== Segment start ==

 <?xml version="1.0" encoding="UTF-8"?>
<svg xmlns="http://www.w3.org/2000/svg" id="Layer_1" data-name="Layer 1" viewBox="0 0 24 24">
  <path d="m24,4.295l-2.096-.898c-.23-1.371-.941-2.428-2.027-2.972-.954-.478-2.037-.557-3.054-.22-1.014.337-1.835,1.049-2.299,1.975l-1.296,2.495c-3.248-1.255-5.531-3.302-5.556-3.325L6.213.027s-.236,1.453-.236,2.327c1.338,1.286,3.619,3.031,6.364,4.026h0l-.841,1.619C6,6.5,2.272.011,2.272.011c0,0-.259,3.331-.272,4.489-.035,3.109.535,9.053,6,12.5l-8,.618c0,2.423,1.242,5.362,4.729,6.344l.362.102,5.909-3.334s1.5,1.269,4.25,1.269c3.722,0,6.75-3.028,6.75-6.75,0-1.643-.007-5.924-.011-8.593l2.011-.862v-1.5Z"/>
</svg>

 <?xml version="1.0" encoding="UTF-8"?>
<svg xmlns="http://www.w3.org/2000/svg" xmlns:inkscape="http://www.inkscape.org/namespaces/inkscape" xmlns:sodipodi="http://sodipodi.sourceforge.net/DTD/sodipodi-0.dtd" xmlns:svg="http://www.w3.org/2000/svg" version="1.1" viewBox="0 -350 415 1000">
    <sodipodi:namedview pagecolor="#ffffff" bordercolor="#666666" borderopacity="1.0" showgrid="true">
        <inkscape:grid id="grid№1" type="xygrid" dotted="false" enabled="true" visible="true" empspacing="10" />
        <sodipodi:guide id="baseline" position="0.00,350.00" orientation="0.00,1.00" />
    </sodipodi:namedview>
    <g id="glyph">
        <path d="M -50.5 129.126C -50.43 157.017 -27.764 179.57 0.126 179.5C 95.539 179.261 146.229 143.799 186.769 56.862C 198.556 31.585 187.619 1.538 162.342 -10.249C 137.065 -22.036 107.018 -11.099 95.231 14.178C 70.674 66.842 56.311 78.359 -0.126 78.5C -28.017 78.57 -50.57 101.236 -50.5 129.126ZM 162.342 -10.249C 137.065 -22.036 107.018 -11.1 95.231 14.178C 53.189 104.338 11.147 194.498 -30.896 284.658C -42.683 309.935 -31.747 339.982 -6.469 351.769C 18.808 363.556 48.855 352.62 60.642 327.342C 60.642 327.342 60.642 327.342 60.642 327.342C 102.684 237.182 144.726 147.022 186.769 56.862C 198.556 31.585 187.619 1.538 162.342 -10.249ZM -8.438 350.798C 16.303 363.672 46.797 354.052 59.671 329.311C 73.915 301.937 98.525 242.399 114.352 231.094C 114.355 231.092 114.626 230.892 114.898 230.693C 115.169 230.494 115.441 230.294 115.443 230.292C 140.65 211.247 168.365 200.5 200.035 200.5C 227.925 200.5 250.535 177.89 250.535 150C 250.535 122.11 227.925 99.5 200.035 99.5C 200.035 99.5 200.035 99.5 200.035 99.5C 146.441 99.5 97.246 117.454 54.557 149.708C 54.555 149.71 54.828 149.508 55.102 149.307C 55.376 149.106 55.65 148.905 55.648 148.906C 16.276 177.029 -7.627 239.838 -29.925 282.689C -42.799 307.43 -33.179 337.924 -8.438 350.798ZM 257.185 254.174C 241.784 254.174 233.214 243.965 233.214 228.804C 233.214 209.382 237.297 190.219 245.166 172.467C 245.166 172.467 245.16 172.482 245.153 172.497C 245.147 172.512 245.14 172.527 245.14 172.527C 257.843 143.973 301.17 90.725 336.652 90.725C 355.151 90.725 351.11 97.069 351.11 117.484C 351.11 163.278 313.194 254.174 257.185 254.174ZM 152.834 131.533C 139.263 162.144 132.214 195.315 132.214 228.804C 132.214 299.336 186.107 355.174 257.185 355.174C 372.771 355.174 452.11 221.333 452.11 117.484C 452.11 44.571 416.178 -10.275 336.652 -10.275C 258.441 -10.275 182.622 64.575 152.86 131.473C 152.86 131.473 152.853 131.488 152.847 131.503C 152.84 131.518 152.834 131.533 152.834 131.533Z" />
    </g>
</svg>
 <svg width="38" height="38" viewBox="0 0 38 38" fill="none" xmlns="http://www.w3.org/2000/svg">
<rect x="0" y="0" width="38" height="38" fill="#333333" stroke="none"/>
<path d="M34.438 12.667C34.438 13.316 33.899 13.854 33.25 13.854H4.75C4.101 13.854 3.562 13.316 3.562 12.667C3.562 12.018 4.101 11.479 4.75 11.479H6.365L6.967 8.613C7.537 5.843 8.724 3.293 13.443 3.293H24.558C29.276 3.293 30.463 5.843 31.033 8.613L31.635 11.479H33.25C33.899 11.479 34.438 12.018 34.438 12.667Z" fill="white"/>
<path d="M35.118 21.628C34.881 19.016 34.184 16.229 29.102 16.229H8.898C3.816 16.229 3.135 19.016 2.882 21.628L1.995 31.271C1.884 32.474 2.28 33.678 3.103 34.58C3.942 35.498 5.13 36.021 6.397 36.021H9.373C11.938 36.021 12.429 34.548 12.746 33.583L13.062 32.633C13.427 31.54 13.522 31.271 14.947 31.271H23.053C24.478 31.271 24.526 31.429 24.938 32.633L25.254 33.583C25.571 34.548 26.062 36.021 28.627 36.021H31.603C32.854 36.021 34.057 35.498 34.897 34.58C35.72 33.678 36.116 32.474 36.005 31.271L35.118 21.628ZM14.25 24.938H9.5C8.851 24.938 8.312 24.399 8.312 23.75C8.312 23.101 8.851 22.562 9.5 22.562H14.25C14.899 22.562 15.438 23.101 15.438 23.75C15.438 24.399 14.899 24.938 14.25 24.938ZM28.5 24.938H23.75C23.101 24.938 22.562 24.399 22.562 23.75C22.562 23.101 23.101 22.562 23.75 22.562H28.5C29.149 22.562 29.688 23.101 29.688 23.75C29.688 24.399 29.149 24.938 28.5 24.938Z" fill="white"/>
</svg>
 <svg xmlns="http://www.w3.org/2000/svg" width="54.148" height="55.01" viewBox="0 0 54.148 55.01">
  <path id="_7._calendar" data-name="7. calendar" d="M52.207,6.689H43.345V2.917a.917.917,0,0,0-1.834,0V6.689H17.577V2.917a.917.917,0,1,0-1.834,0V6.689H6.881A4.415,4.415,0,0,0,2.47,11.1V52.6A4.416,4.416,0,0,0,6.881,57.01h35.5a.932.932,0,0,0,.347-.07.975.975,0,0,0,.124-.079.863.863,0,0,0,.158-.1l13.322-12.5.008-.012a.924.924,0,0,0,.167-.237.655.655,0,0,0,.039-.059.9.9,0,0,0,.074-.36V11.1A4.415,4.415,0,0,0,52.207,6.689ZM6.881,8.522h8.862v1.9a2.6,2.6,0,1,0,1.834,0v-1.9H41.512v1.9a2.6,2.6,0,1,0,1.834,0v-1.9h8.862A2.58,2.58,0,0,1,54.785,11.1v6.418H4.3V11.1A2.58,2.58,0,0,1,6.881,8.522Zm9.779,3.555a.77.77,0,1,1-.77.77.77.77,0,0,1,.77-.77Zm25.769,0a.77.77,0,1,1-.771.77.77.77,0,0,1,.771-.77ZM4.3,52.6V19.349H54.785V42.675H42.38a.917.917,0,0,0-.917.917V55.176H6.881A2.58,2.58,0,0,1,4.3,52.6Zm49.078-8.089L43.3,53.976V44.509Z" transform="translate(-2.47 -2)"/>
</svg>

== Segment end ==

Goal of the exercise:
Reproduce each line from the data that has "namedview" in it.

Your response:
    <sodipodi:namedview pagecolor="#ffffff" bordercolor="#666666" borderopacity="1.0" showgrid="true">
    </sodipodi:namedview>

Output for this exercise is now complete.